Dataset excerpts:

* * * *

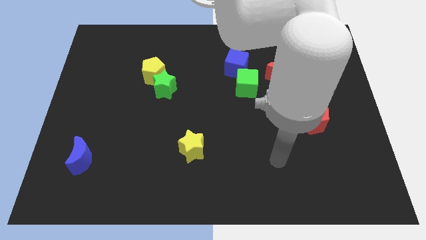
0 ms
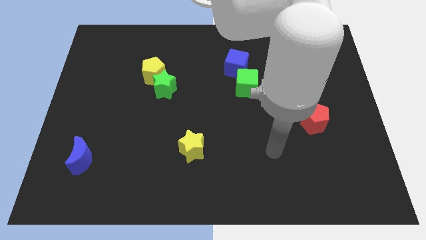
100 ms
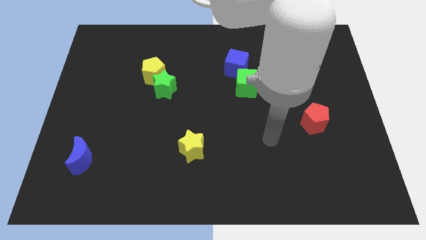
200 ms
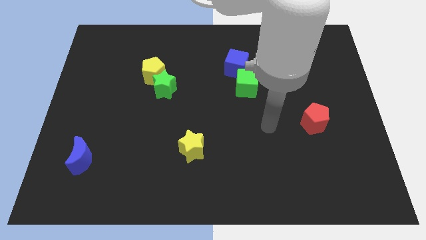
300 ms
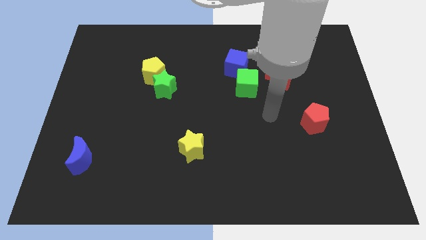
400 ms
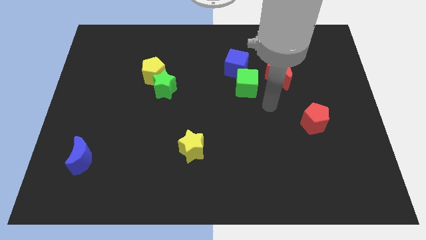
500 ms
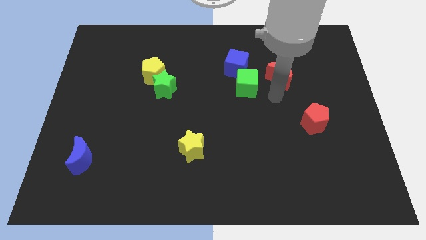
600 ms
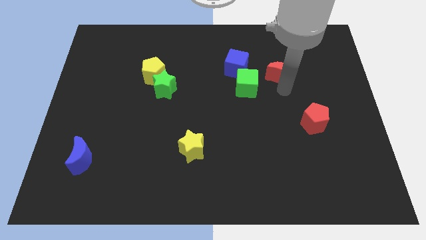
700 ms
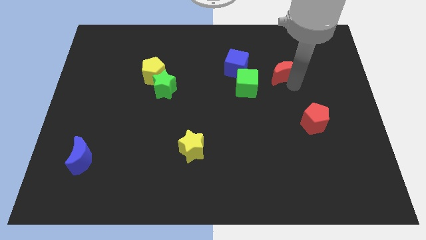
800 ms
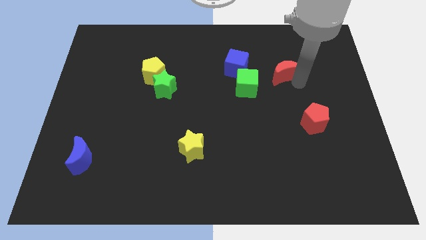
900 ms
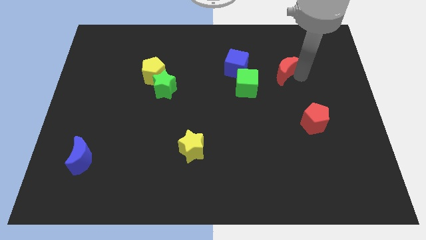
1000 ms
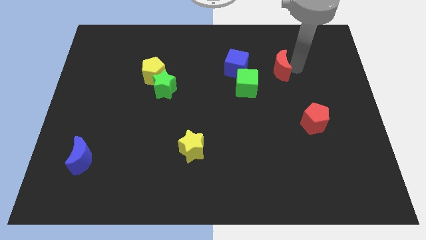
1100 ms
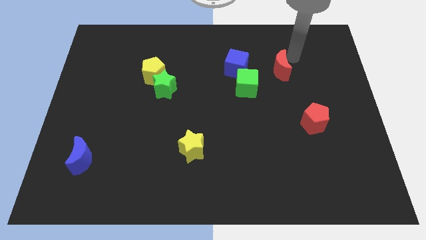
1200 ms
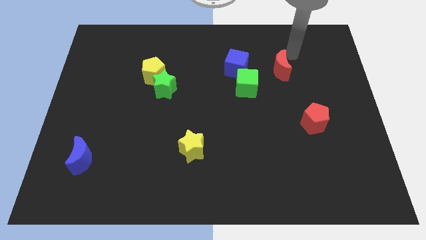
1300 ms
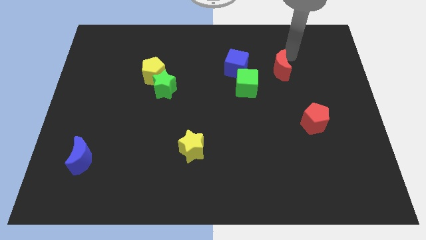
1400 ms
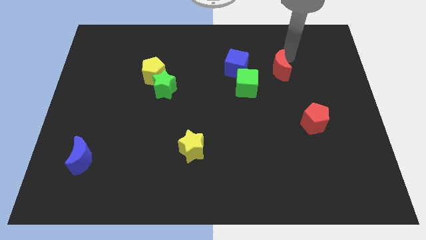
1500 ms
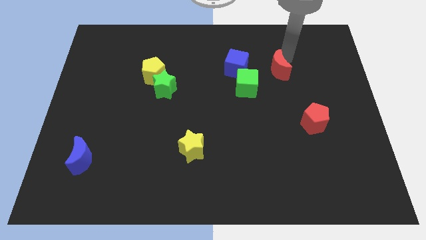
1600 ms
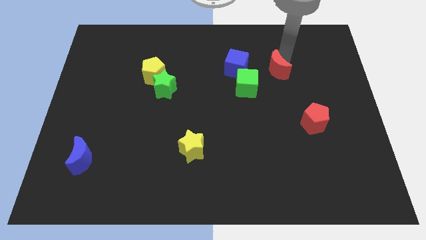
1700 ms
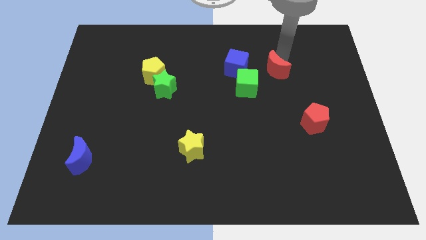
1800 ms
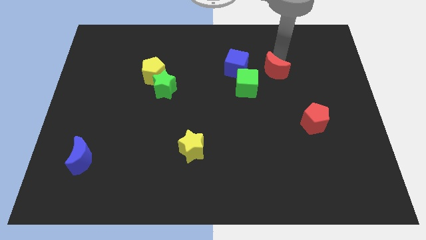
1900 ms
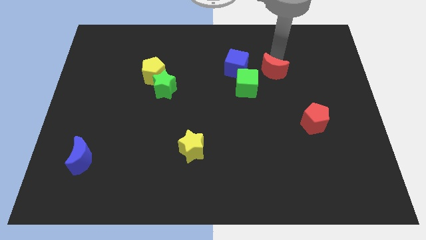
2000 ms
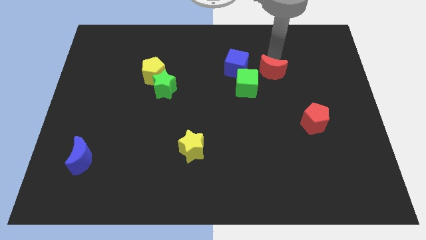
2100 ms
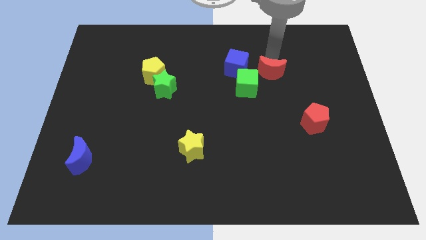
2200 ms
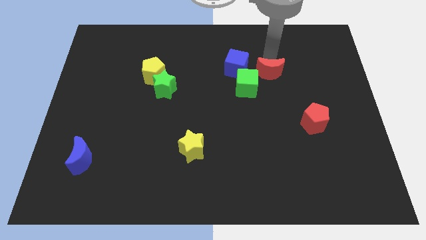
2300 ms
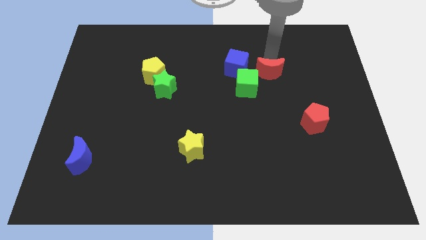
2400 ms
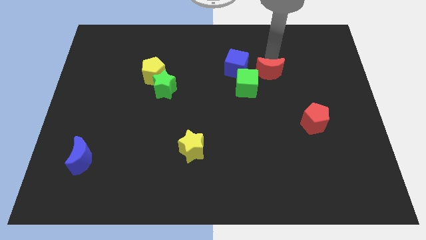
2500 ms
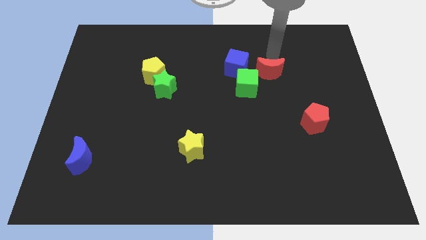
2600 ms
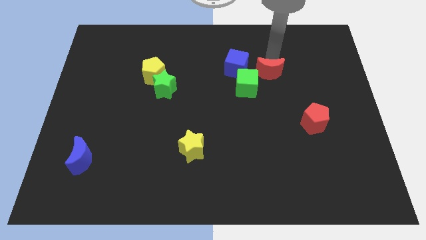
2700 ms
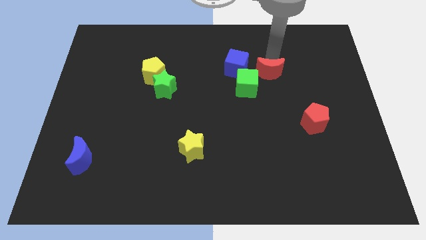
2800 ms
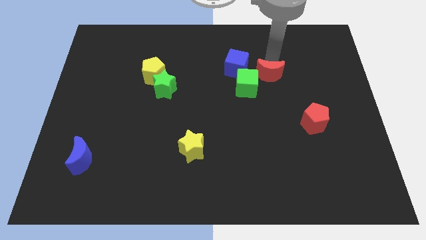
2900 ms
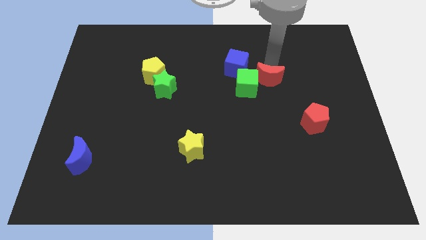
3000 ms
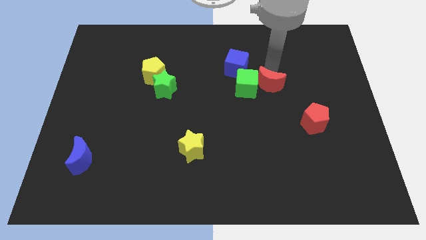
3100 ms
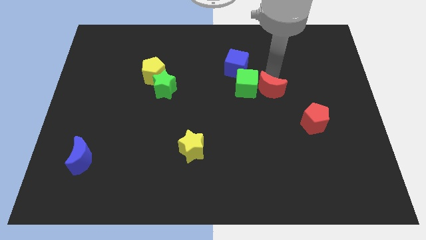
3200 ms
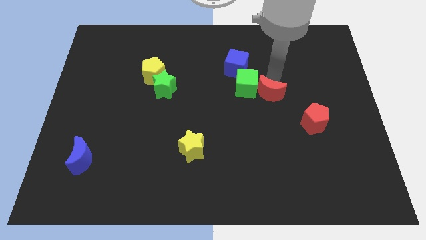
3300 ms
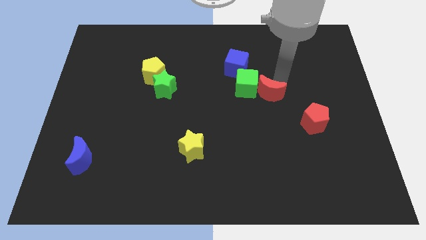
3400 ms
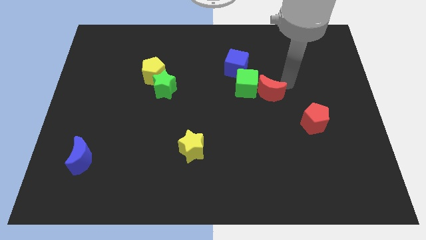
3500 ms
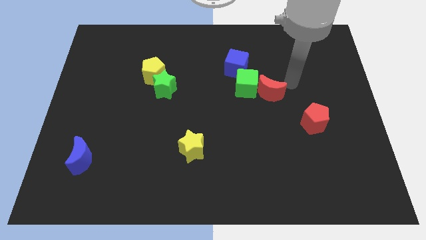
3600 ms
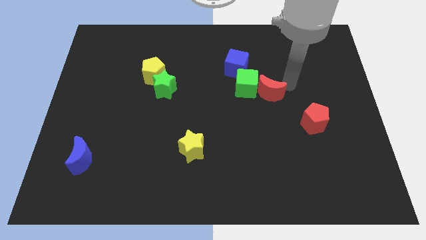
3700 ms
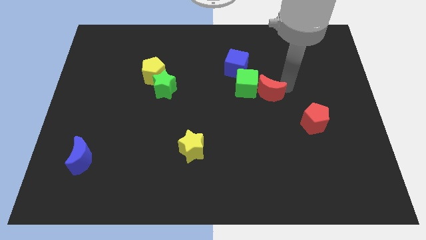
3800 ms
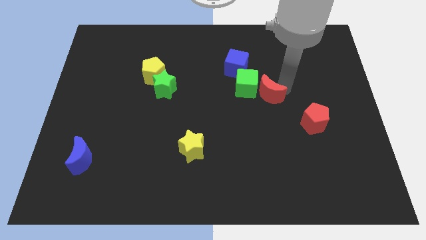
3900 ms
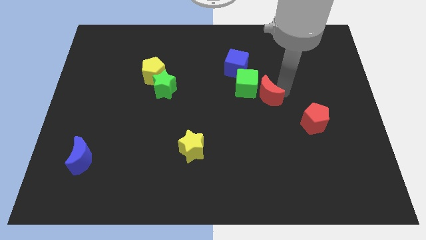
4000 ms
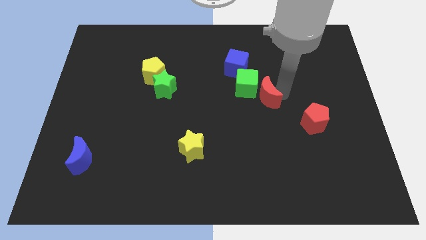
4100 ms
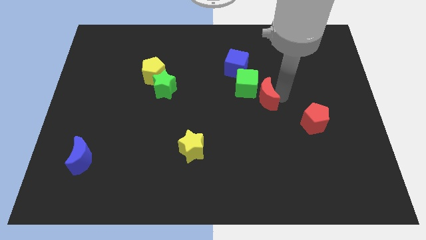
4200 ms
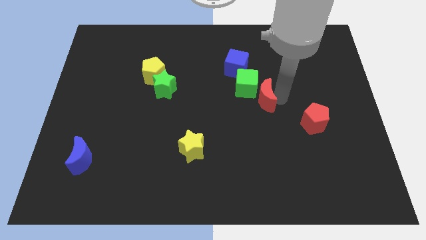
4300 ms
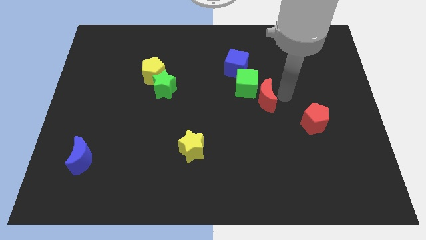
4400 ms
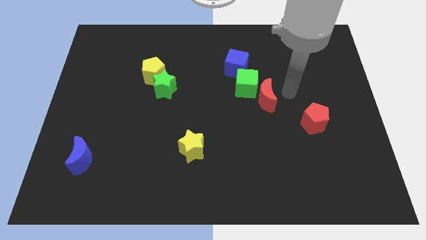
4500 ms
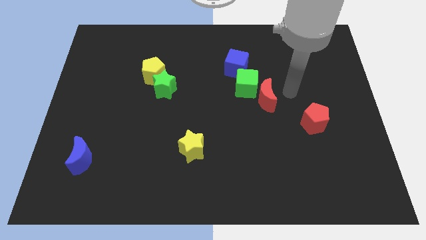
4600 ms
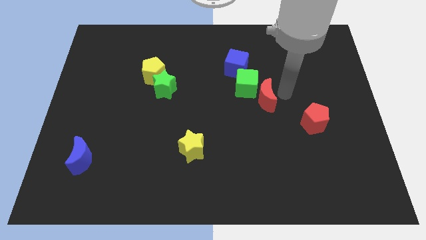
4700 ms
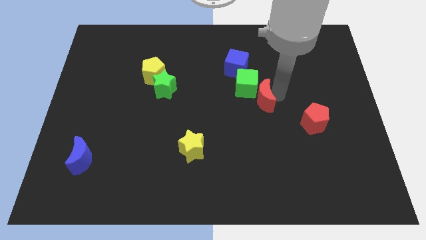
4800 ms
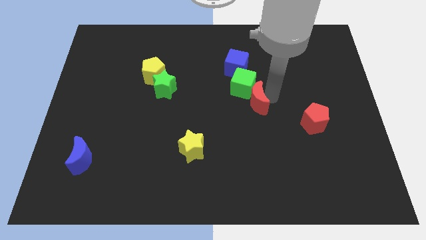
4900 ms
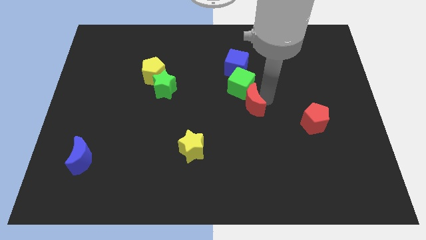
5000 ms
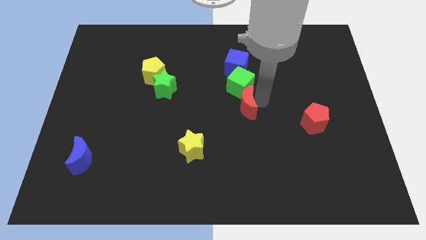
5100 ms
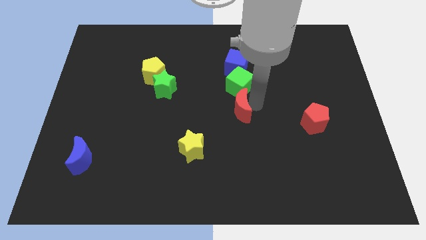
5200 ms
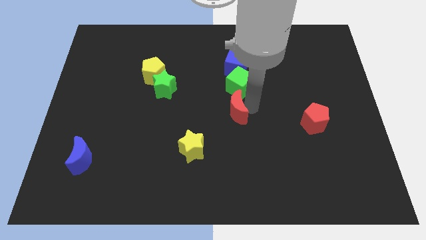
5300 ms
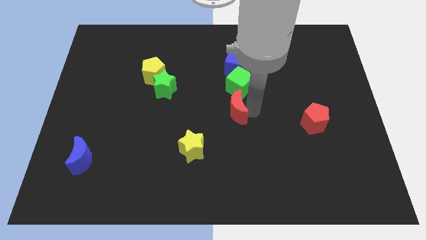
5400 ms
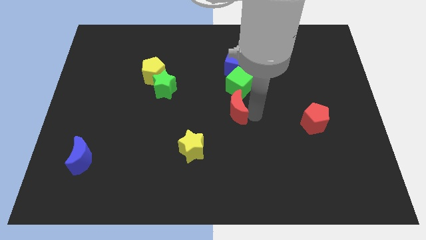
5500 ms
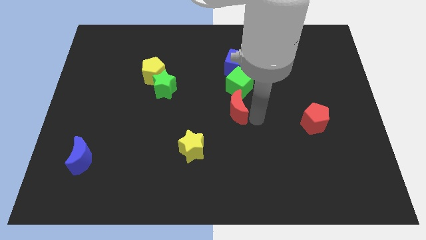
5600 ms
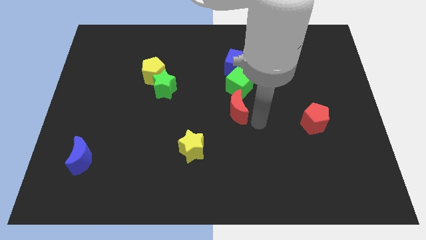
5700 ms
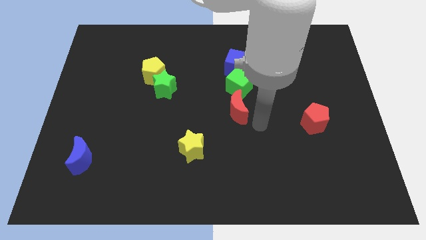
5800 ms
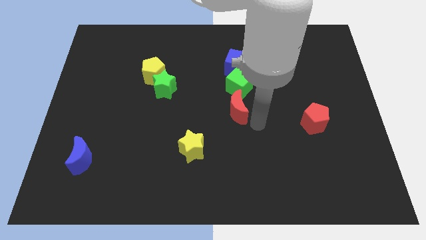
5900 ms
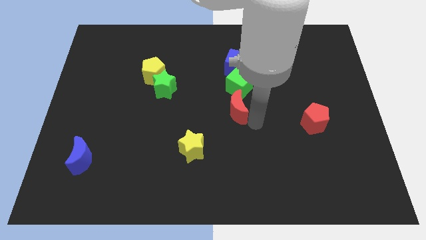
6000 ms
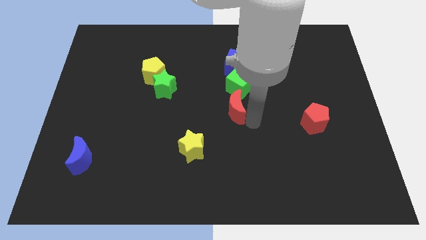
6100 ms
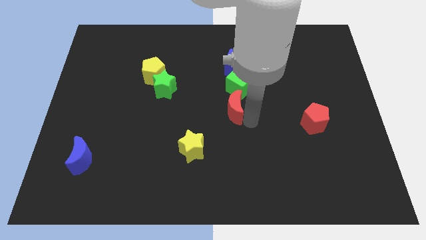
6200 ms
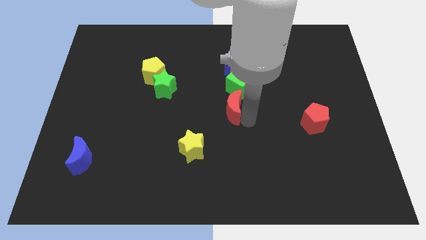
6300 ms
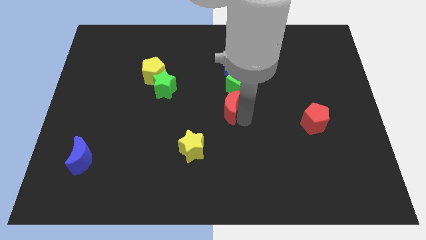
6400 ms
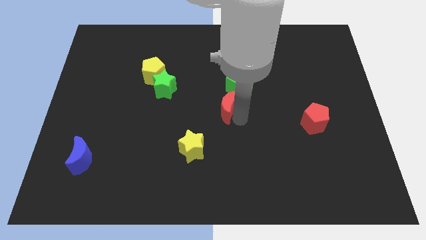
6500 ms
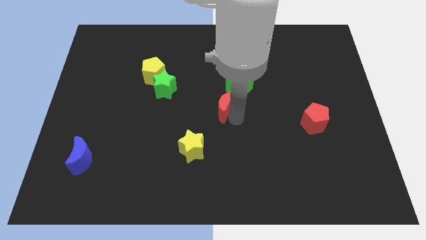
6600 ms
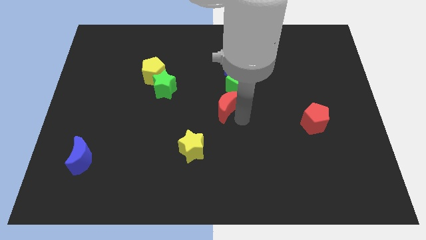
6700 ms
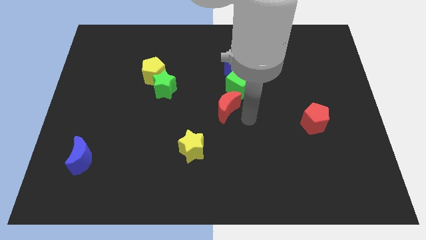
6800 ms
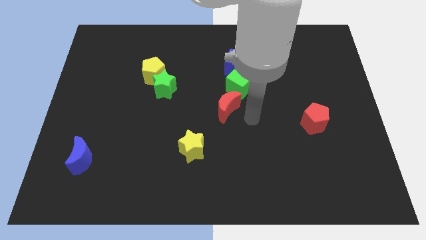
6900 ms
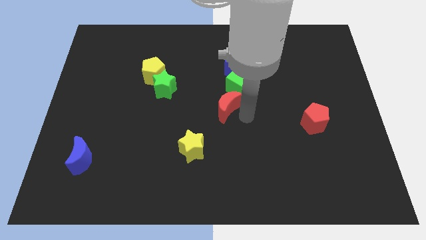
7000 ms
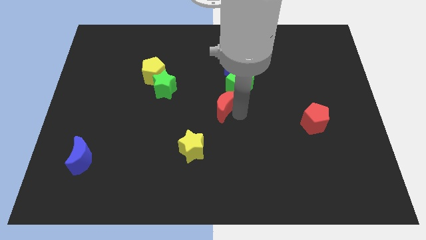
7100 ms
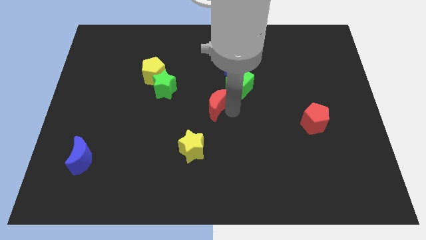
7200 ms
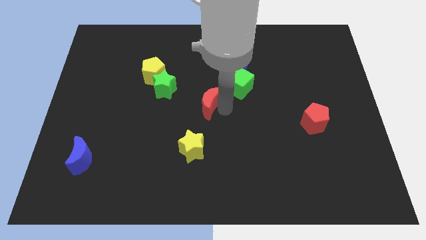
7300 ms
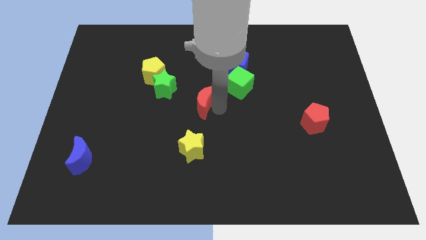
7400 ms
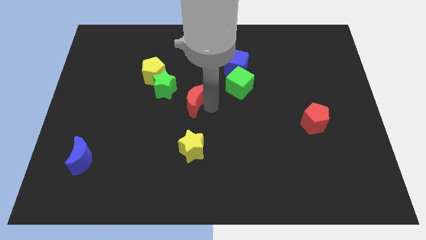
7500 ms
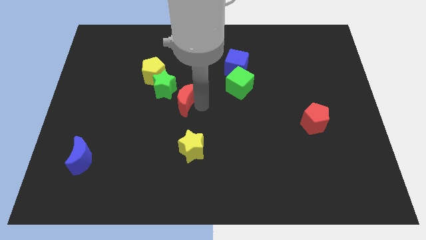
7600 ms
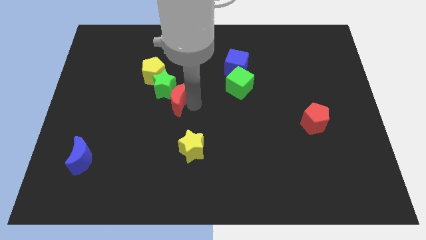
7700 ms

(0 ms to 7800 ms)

* * * *

Task instructions:
Return all the records above exactly, pictures omitted.

Task response:
0 ms
100 ms
200 ms
300 ms
400 ms
500 ms
600 ms
700 ms
800 ms
900 ms
1000 ms
1100 ms
1200 ms
1300 ms
1400 ms
1500 ms
1600 ms
1700 ms
1800 ms
1900 ms
2000 ms
2100 ms
2200 ms
2300 ms
2400 ms
2500 ms
2600 ms
2700 ms
2800 ms
2900 ms
3000 ms
3100 ms
3200 ms
3300 ms
3400 ms
3500 ms
3600 ms
3700 ms
3800 ms
3900 ms
4000 ms
4100 ms
4200 ms
4300 ms
4400 ms
4500 ms
4600 ms
4700 ms
4800 ms
4900 ms
5000 ms
5100 ms
5200 ms
5300 ms
5400 ms
5500 ms
5600 ms
5700 ms
5800 ms
5900 ms
6000 ms
6100 ms
6200 ms
6300 ms
6400 ms
6500 ms
6600 ms
6700 ms
6800 ms
6900 ms
7000 ms
7100 ms
7200 ms
7300 ms
7400 ms
7500 ms
7600 ms
7700 ms

(0 ms to 7800 ms)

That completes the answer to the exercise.